The task calls for the lines from the start of the entries below through the line with "Answer: edge", given again verbatim, with every picture dropped.

(Task data begins)

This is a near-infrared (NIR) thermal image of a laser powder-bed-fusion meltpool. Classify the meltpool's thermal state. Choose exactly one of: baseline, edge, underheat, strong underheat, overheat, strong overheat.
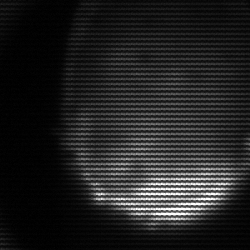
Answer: edge
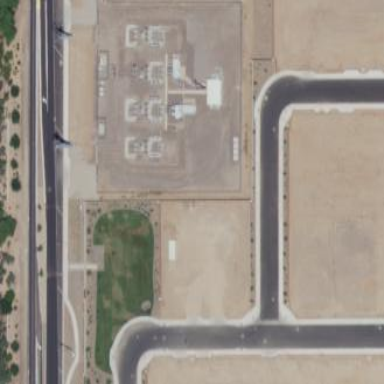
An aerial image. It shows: Outdoor distribution-level power substation enclosed by fence.
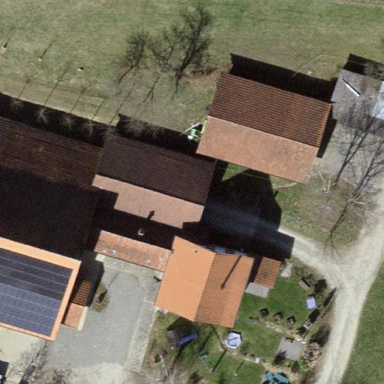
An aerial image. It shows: Farm building with gabled roof.
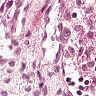
Metastatic tissue present: no
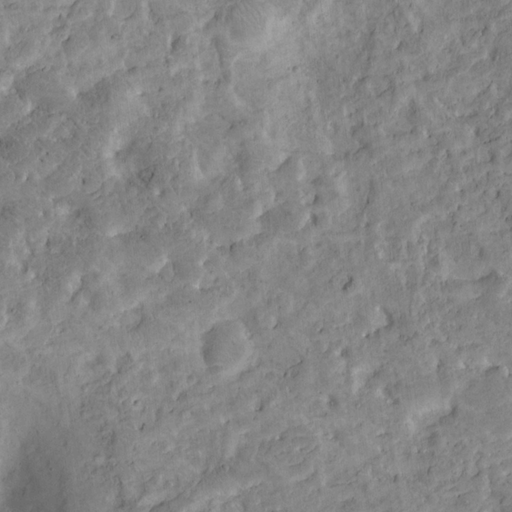
Objects detected: cone
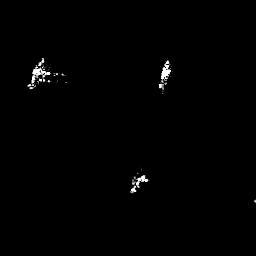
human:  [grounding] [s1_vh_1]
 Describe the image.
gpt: In the satellite image, there is  <ref>1 medium ship </ref> <box>[[10, 24, 18, 35, 0]]</box> located at left,  <ref>1 medium ship </ref> <box>[[49, 66, 58, 75, 0]]</box> located at bottom,  <ref>1 small ship </ref> <box>[[60, 25, 67, 34, 0]]</box> located at top.
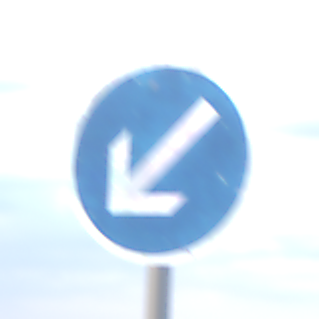
Verkehrszeichen: VorgeschriebeneVorbeifahrtLinks
Umgebung: Outdoor, Nature
Tageszeit: SunriseSunset
Wetter: PartlyCloudy
Licht: Natural
Jahreszeit: NotSpecified
Kontrast: LowContrast
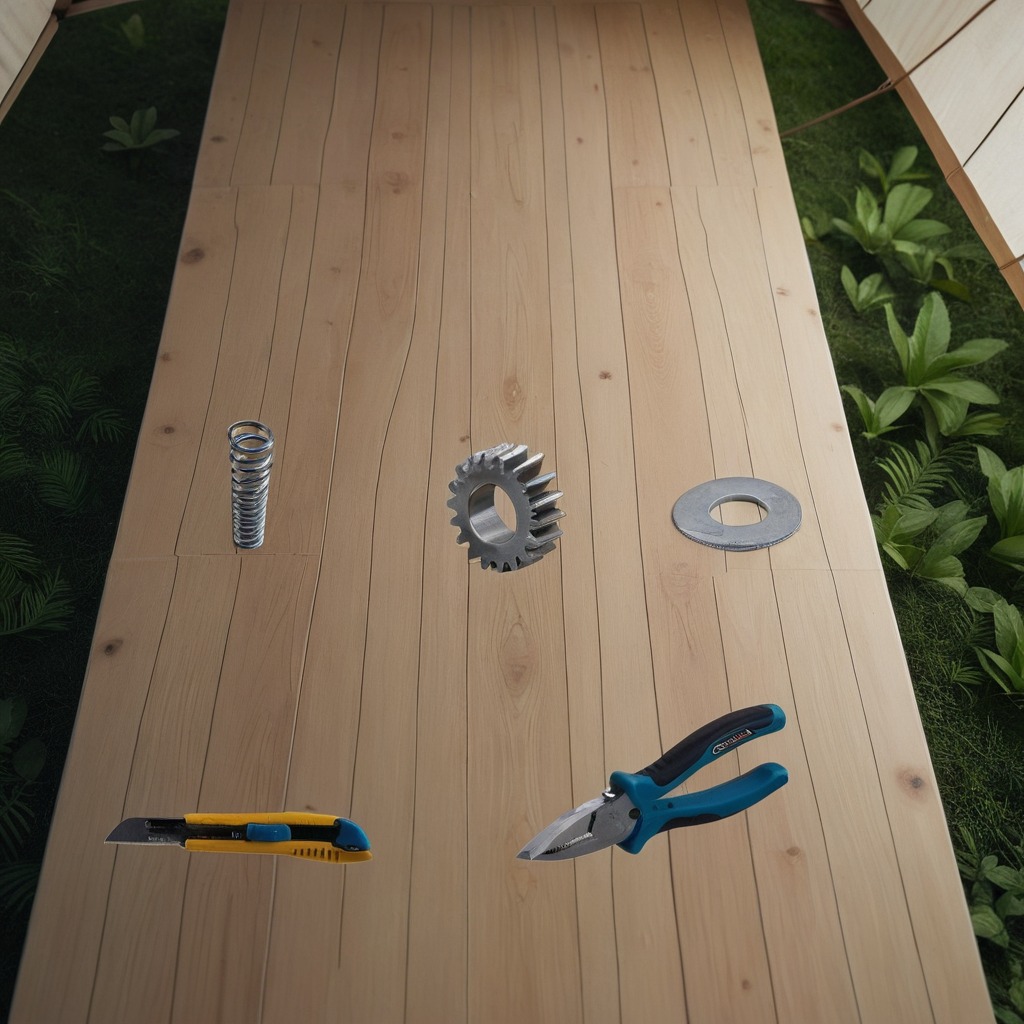
A steel gear with teeth, a utility knife, a flat metal washer, a pair of pliers, and a coiled metal spring are lying on a wooden table inside a jungle field workshop tent.
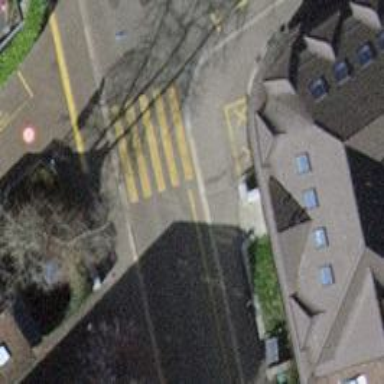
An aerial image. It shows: Uncontrolled zebra crossing on the road.
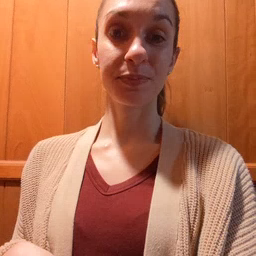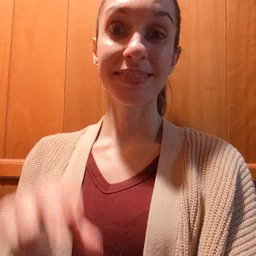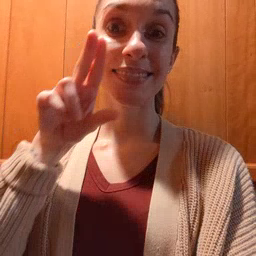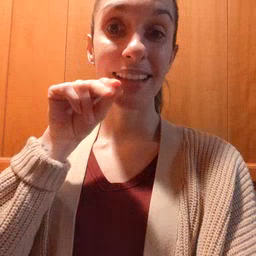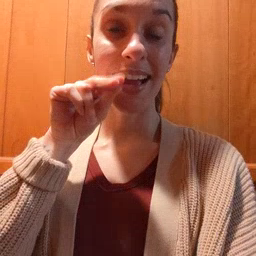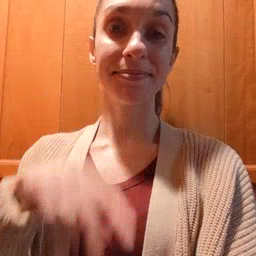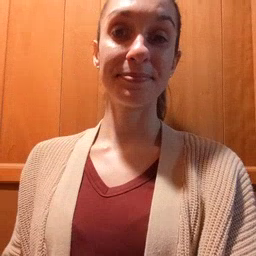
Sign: duck
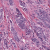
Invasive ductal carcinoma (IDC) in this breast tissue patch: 1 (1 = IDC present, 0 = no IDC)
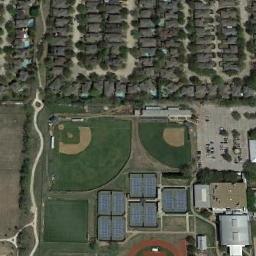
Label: baseball_diamond
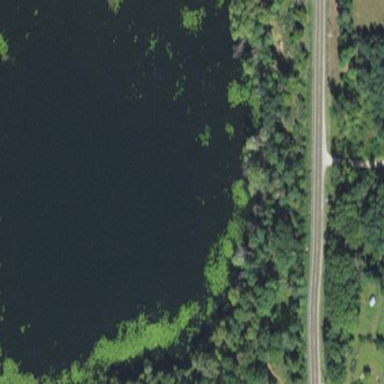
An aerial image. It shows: Beautiful lake surrounded by nature.
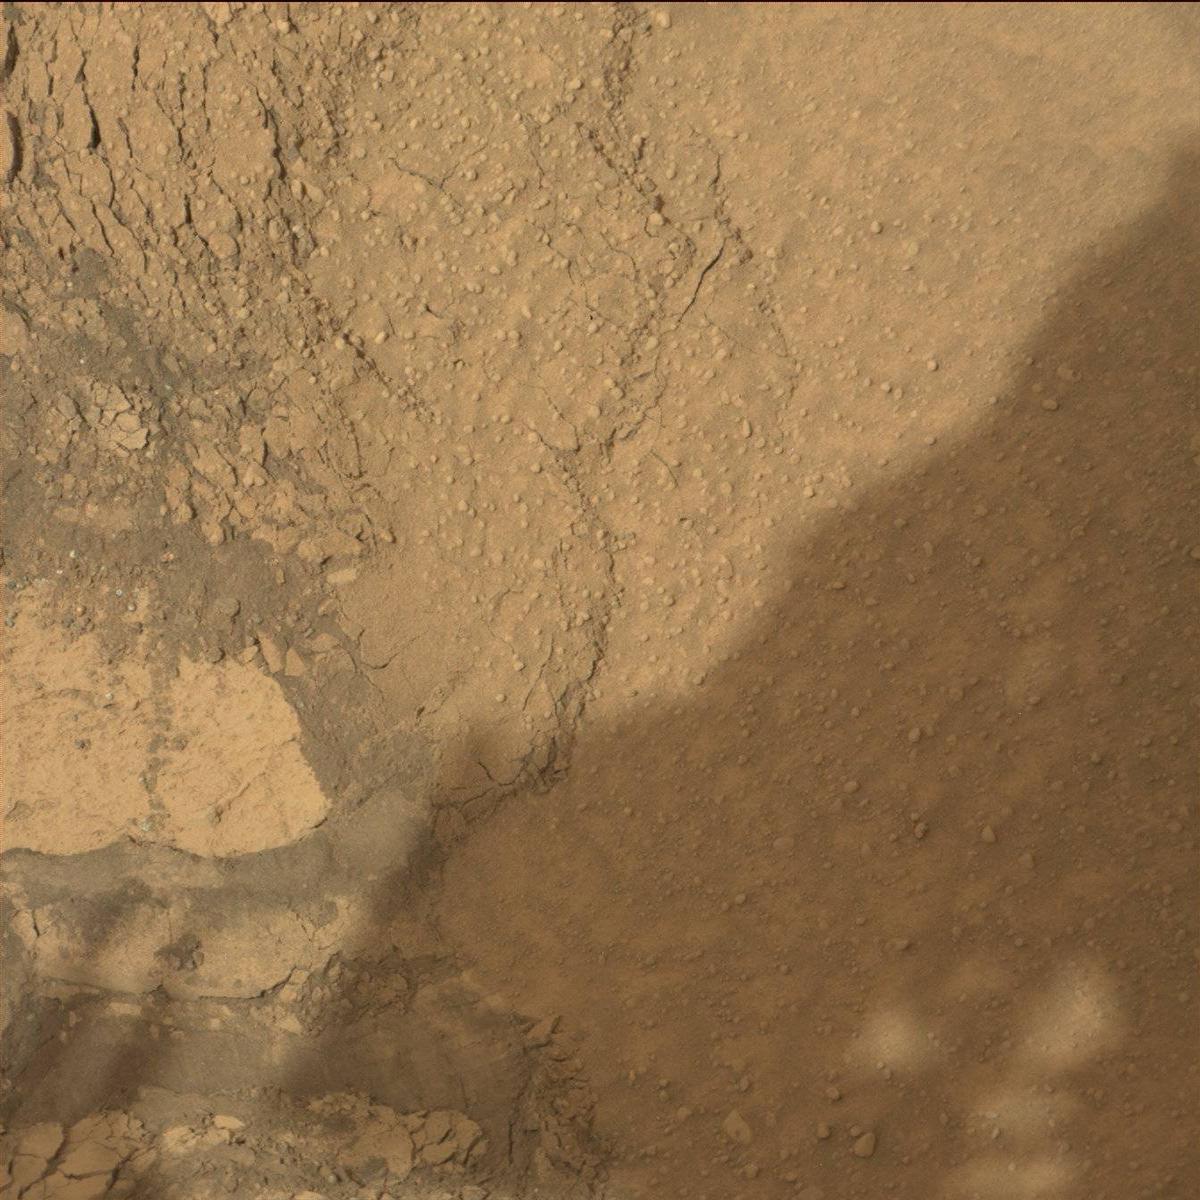
Terrain classes present: Bedrock, Sand / Soil
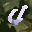
Label: 4
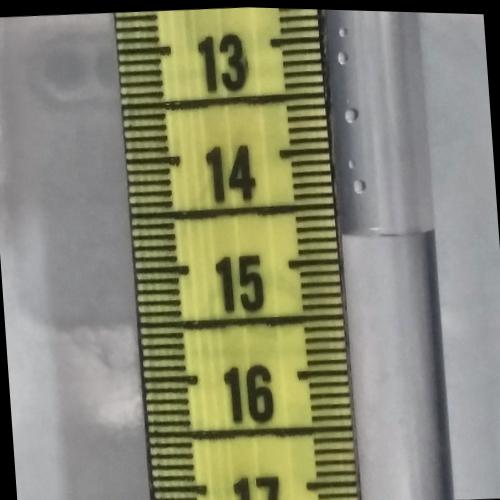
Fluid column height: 14.8 cm
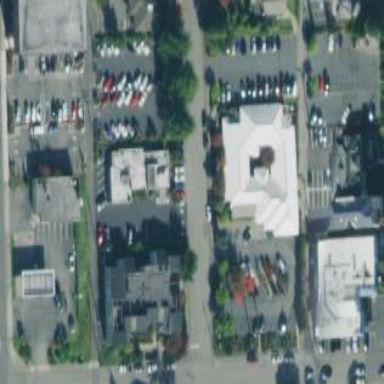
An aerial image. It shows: Commercial area.
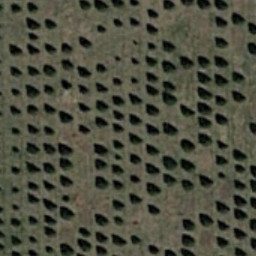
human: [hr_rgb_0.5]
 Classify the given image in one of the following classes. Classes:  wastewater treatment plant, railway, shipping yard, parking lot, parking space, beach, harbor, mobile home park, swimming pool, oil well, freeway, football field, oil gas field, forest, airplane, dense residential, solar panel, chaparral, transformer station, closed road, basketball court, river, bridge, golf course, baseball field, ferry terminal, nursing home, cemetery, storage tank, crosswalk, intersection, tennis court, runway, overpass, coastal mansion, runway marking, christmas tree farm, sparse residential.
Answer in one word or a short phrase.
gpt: christmas tree farm
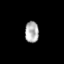
Tissue: skin
Cell type: Epithelial cells
Senescence score: 0.2271
Nuclear area (px): 289
Mean DAPI intensity: 174.242
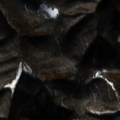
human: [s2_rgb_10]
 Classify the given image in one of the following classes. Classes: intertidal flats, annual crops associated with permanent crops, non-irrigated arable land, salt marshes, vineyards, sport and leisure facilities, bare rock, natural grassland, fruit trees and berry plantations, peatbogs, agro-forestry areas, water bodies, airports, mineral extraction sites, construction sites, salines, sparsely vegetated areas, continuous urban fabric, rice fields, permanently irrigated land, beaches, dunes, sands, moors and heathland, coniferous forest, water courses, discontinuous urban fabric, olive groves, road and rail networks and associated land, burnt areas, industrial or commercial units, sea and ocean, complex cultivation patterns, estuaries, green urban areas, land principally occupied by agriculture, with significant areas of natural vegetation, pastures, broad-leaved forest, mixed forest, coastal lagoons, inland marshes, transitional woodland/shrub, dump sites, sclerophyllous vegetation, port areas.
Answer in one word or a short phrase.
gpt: land principally occupied by agriculture, with significant areas of natural vegetation, broad-leaved forest
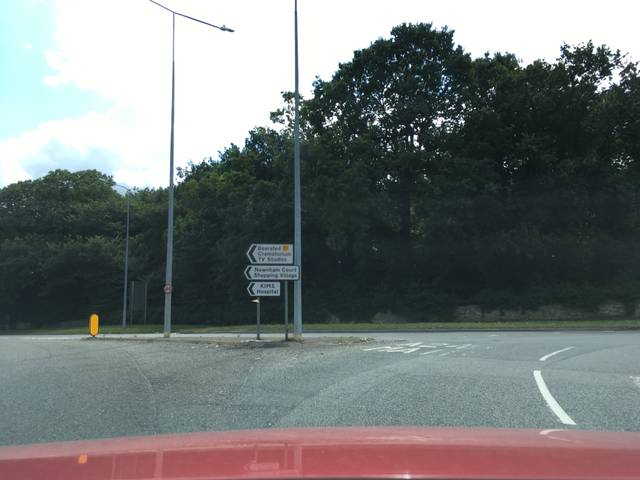
Region: United Kingdom
Coordinates: 51.284, 0.549
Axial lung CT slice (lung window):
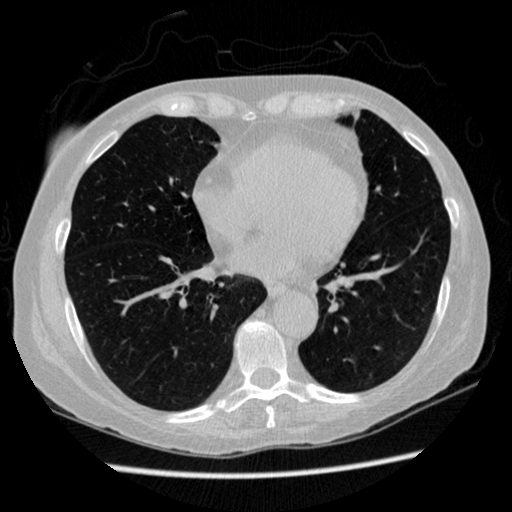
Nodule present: no
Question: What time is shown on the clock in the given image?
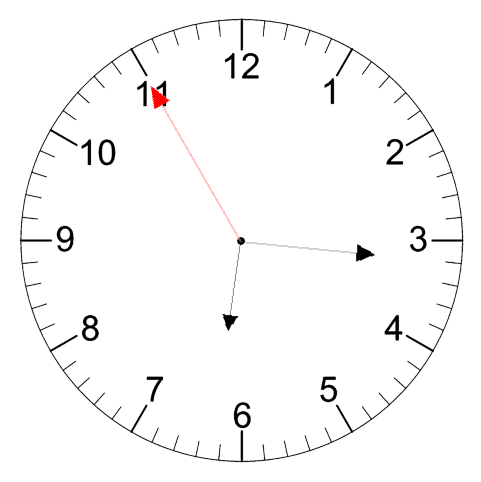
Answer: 06:15:55
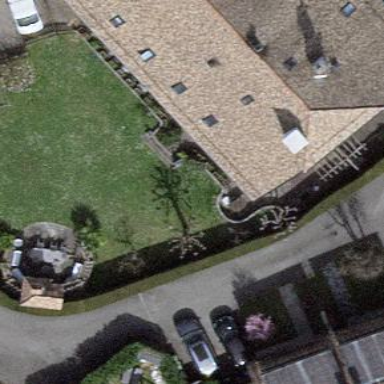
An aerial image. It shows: Garden enclosed by fence.
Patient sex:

(Task data ends)

● **Result for this task**
This is a near-infrared (NIR) thermal image of a laser powder-bed-fusion meltpool. Classify the meltpool's thermal state. Choose exactly one of: baseline, edge, underheat, strong underheat, overheat, strong overheat.
Answer: edge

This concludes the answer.